• Chris Ireland

Study Hacks Part 2: Online Searching for Academic Sources

In the second half of the webinar that we delivered for IQ Student Accommodation as part of their Wellbeing Week, we looked at online searching for academic sources. The strategies discussed help reduce the amount of scrolling of webpages and, more often than not, ensure that the results of online searches are the most useful. The main focus was on the use of Google search operators in Google Scholar.

If you have Google Scholar linked to your University Library, it is probably the only place you need to search for online academic sources. Remember that your University Library will have purchased access to much more than just academic resources; I am not suggesting you stop searching in the library! However, while searching for academic sources Google Scholar finds academic resources that your Library has not purchased. Many of these resources will be freely available to download via Google Scholar. Where sources are not freely available but are not available in your University Library it may still be possible to access them via an ‘Inter-Library Loan’. This is a system where you can borrow from other University Libraries across the world. These loans are often free of charge or for a nominal fee. Over recent years I have used the system a few times. On one occasion I was able to borrow a book that was only available in the USA, while on another occasion I requested a journal article which was priced at £35. The ‘loan’ was free, arrived the next day and, since it was a photocopy, the Librarian said that I did not need to return it!

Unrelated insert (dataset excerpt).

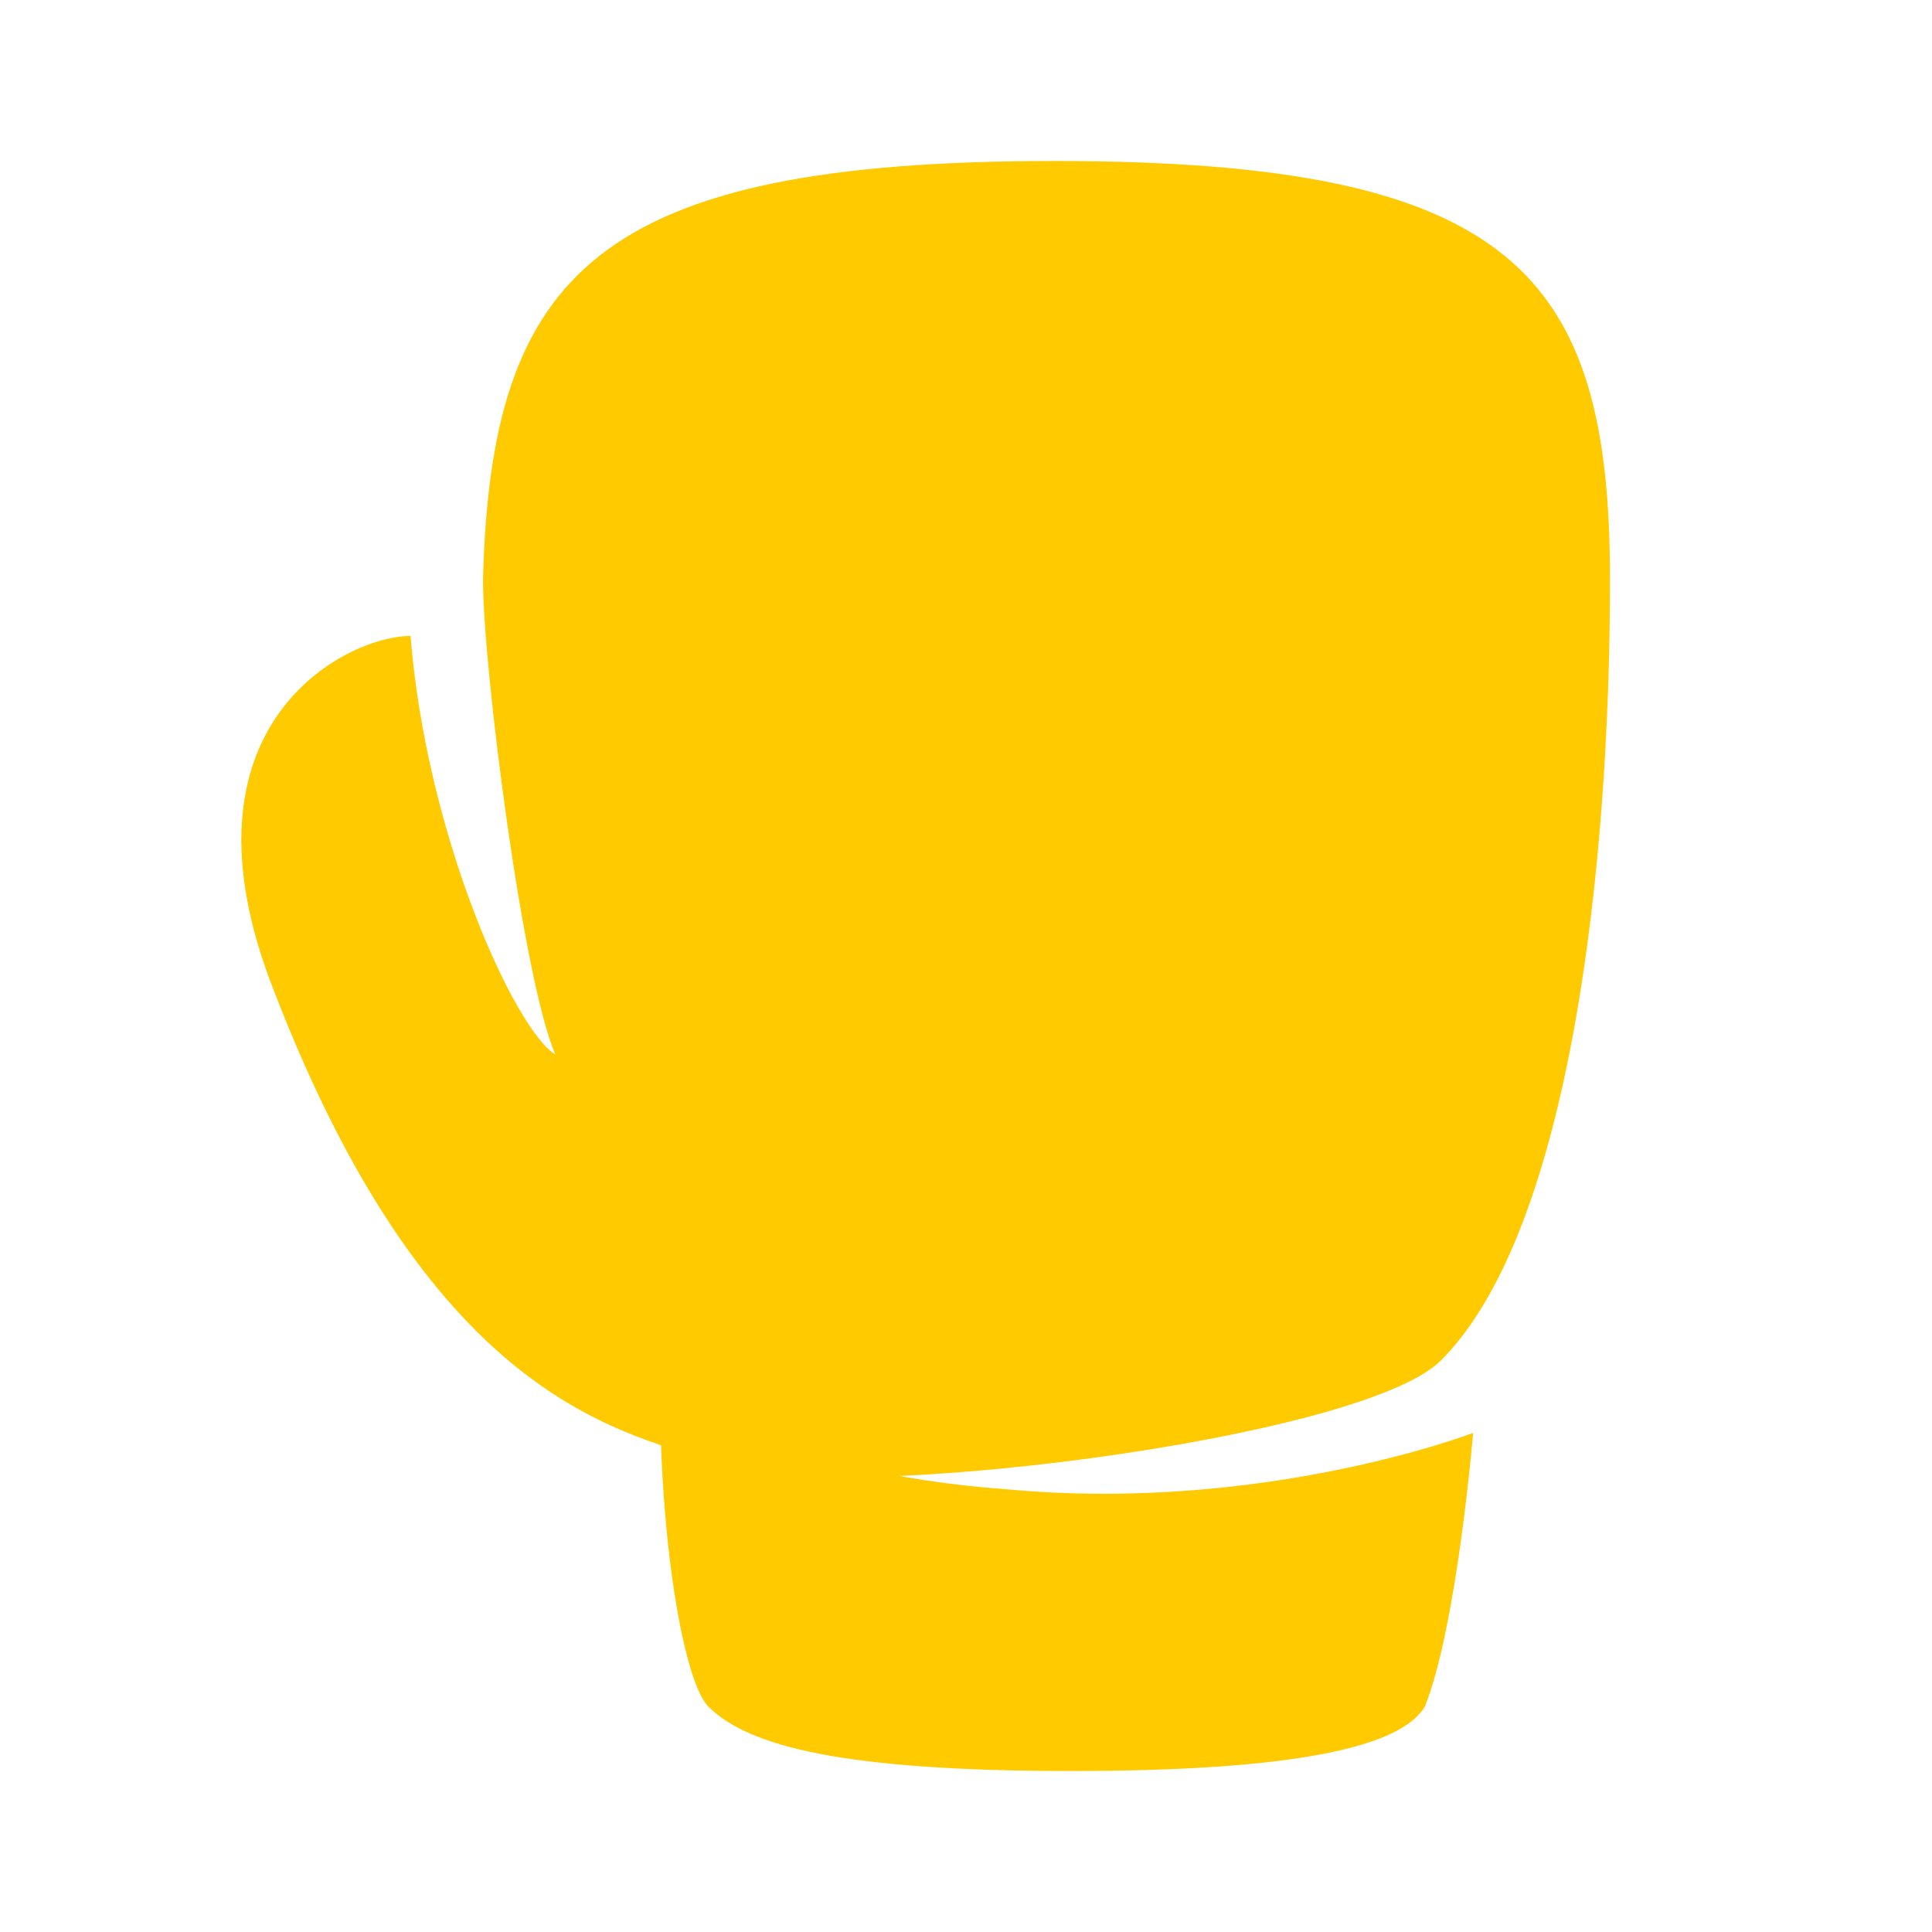 <svg xmlns="http://www.w3.org/2000/svg" xmlns:xlink="http://www.w3.org/1999/xlink" version="1.0" x="0px" y="0px" viewBox="0 0 24 24" enable-background="new 0 0 24 24" xml:space="preserve" aria-hidden="true" width="24px" height="24px" style="fill:url(#CerosGradient_id8e9ecafa6);"><defs><linearGradient class="cerosgradient" data-cerosgradient="true" id="CerosGradient_id8e9ecafa6" gradientUnits="userSpaceOnUse" x1="50%" y1="100%" x2="50%" y2="0%"><stop offset="0%" stop-color="#FFCA00"/><stop offset="100%" stop-color="#FFCA00"/></linearGradient><linearGradient/></defs><path d="M20,7.2c0,3.6-0.5,8.1-2.1,9.7c-1,1-7.6,1.8-8.9,1.3c-1.2-0.4-3.6-0.7-5.6-5.9C2.1,9,4.3,7.9,5.1,7.9  c0.2,2.5,1.3,4.9,1.8,5.2c-0.4-0.9-0.9-4.8-0.9-5.9C6.1,3.4,7.4,2,13.1,2S20,3.4,20,7.2z" style="fill:url(#CerosGradient_id8e9ecafa6);"/><path d="M18.3,17.8c0,0-2.6,1-5.8,0.7c-2.8-0.2-4.3-1.2-4.3-1.2c0,1.9,0.3,3.6,0.6,3.9c0.5,0.5,1.7,0.8,4.5,0.8s4.1-0.3,4.4-0.8  C18.1,20.2,18.3,17.8,18.3,17.8z" style="fill:url(#CerosGradient_id8e9ecafa6);"/></svg>

As I have already said, the main content of this section of the webinar concerned the use of Google search operators in Google Scholar. If you find you are overwhelmed by the quantity of reading you need to do, you read a great deal but don’t manage to gather much information, or when you search for sources you have too many pages of results then following the advice given in the webinar might help you find the information you need more quickly. You may also find it frees up time for you to take a more critical approach to you reading.